* _Problem to solve_
Could the data below please be reproduced word for word, without the pictures?

* _Entries provided_
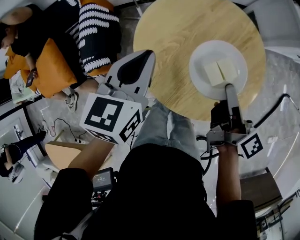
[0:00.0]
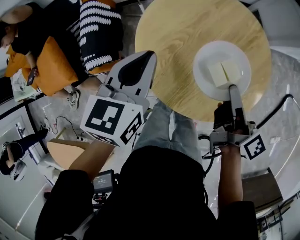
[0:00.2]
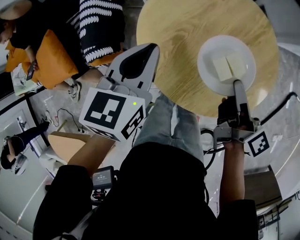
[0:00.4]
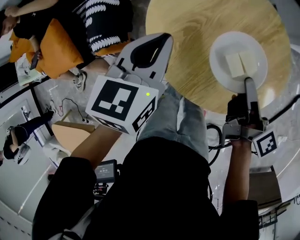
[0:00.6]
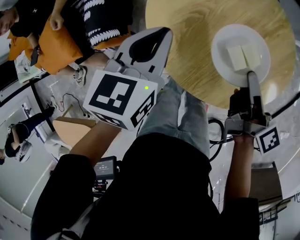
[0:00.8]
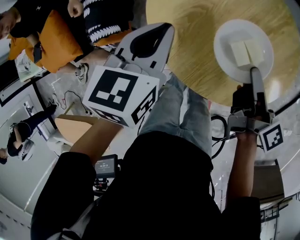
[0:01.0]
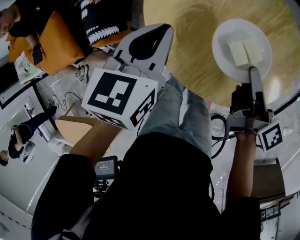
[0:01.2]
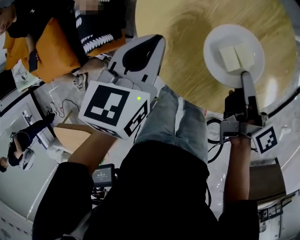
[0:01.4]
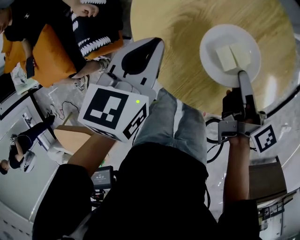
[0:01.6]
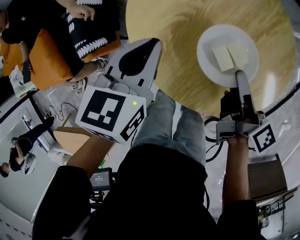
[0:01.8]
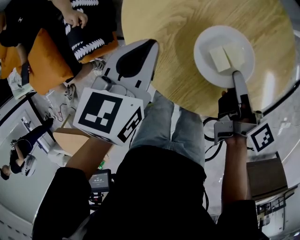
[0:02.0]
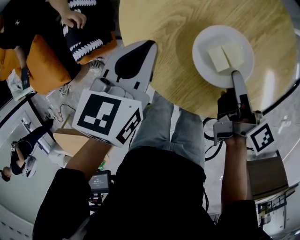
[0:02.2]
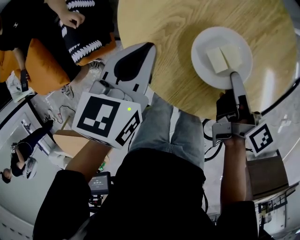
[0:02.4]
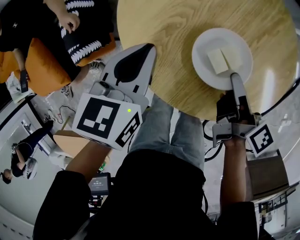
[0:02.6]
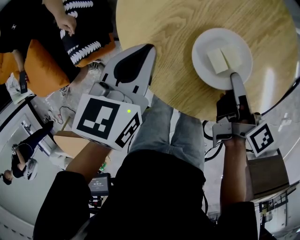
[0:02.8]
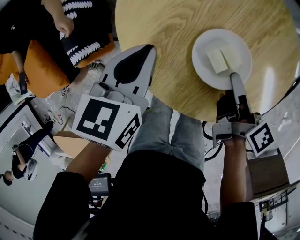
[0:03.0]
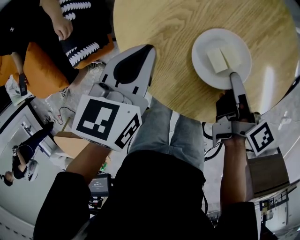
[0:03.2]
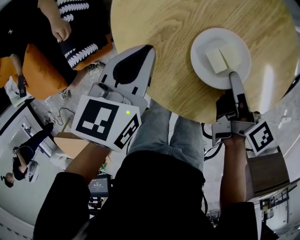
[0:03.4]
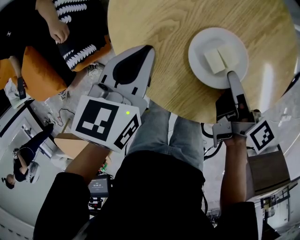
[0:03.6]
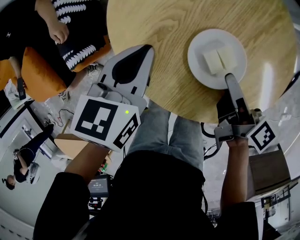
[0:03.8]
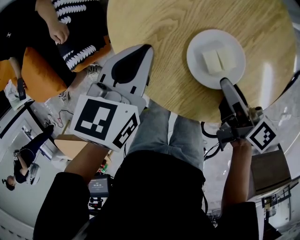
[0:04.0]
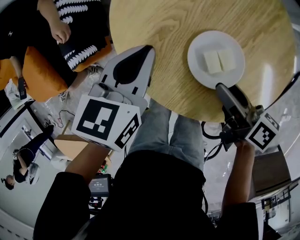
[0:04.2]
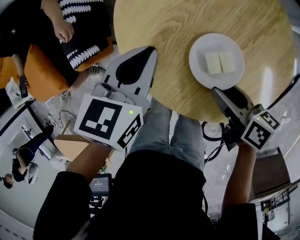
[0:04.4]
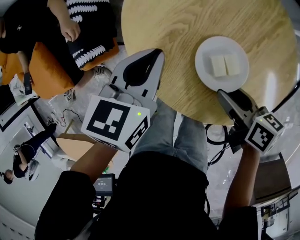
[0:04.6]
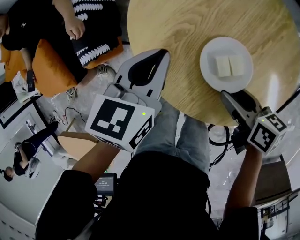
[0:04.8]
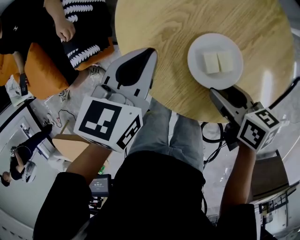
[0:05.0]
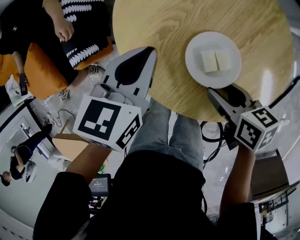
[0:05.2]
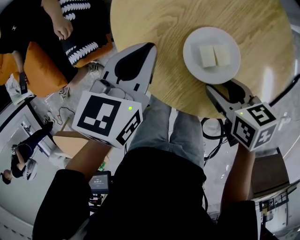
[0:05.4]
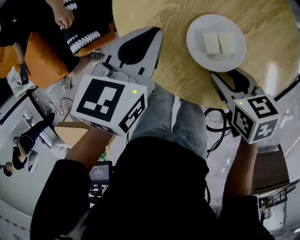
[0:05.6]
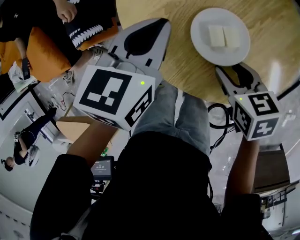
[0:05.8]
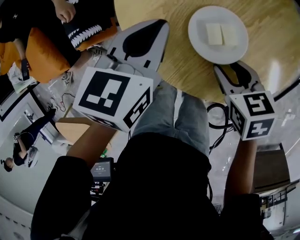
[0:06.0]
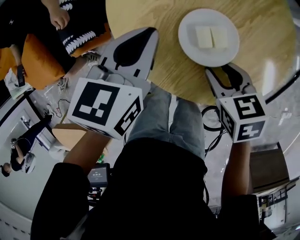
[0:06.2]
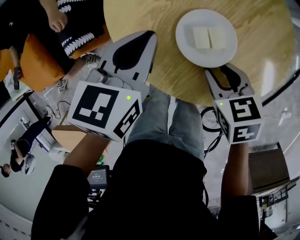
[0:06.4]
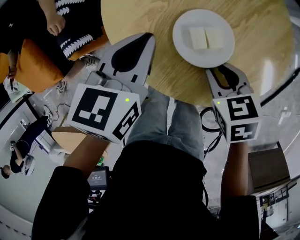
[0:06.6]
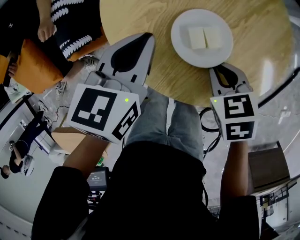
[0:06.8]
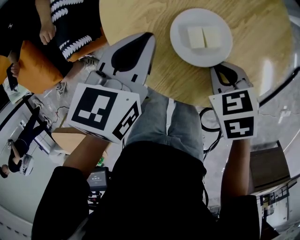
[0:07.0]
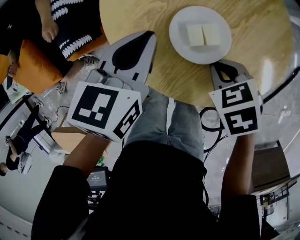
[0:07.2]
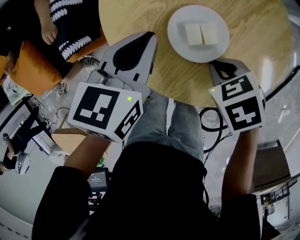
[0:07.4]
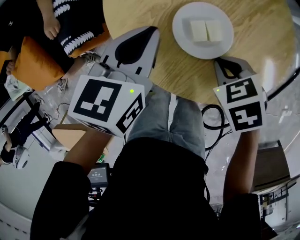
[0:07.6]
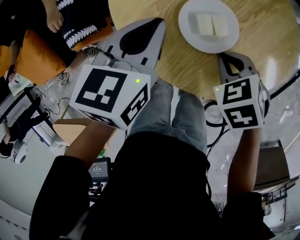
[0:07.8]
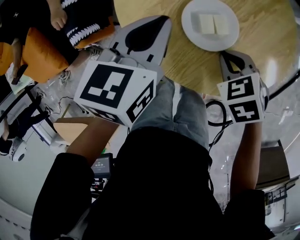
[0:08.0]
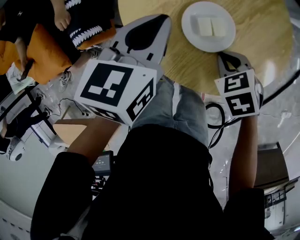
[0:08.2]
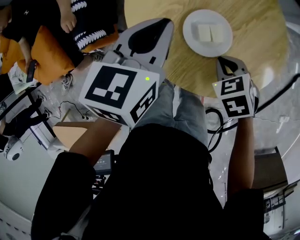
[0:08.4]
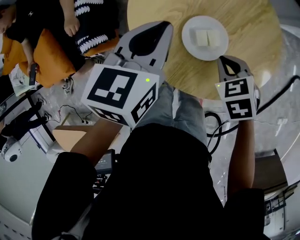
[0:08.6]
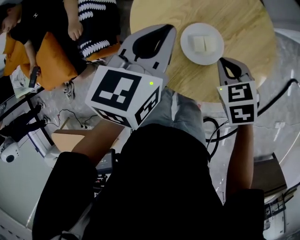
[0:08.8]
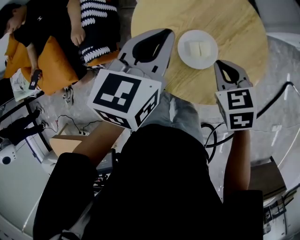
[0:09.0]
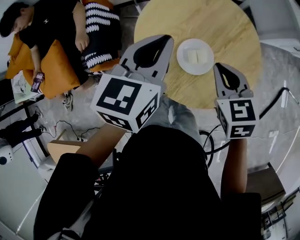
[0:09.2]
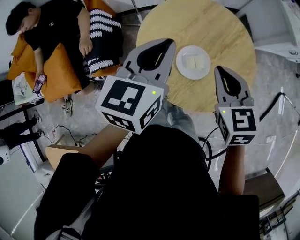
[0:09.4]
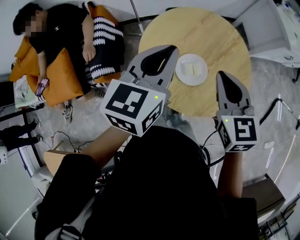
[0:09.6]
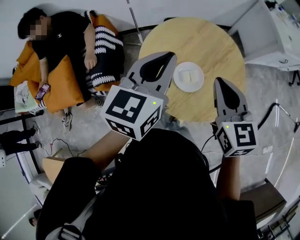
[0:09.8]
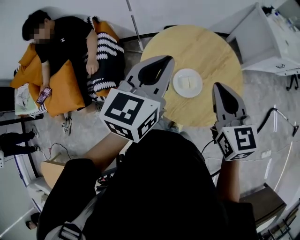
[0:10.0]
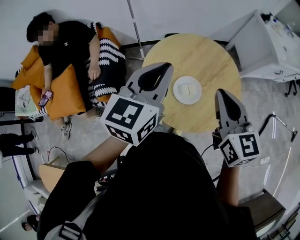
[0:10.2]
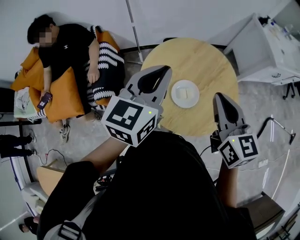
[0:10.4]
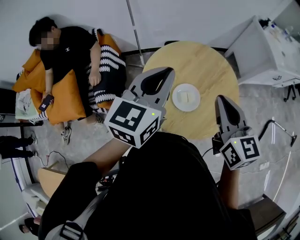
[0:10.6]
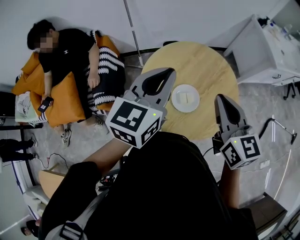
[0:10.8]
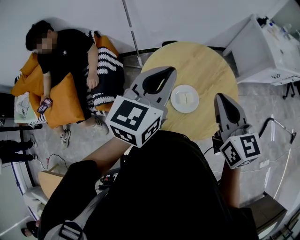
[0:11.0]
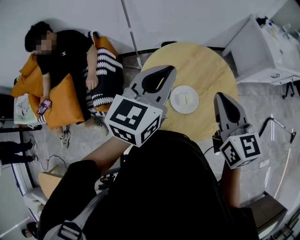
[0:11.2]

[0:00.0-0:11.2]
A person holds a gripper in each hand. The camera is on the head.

* _Task solution_
[0:00.0]
[0:00.2]
[0:00.4]
[0:00.6]
[0:00.8]
[0:01.0]
[0:01.2]
[0:01.4]
[0:01.6]
[0:01.8]
[0:02.0]
[0:02.2]
[0:02.4]
[0:02.6]
[0:02.8]
[0:03.0]
[0:03.2]
[0:03.4]
[0:03.6]
[0:03.8]
[0:04.0]
[0:04.2]
[0:04.4]
[0:04.6]
[0:04.8]
[0:05.0]
[0:05.2]
[0:05.4]
[0:05.6]
[0:05.8]
[0:06.0]
[0:06.2]
[0:06.4]
[0:06.6]
[0:06.8]
[0:07.0]
[0:07.2]
[0:07.4]
[0:07.6]
[0:07.8]
[0:08.0]
[0:08.2]
[0:08.4]
[0:08.6]
[0:08.8]
[0:09.0]
[0:09.2]
[0:09.4]
[0:09.6]
[0:09.8]
[0:10.0]
[0:10.2]
[0:10.4]
[0:10.6]
[0:10.8]
[0:11.0]
[0:11.2]

[0:00.0-0:11.2]
A person holds a gripper in each hand. The camera is on the head.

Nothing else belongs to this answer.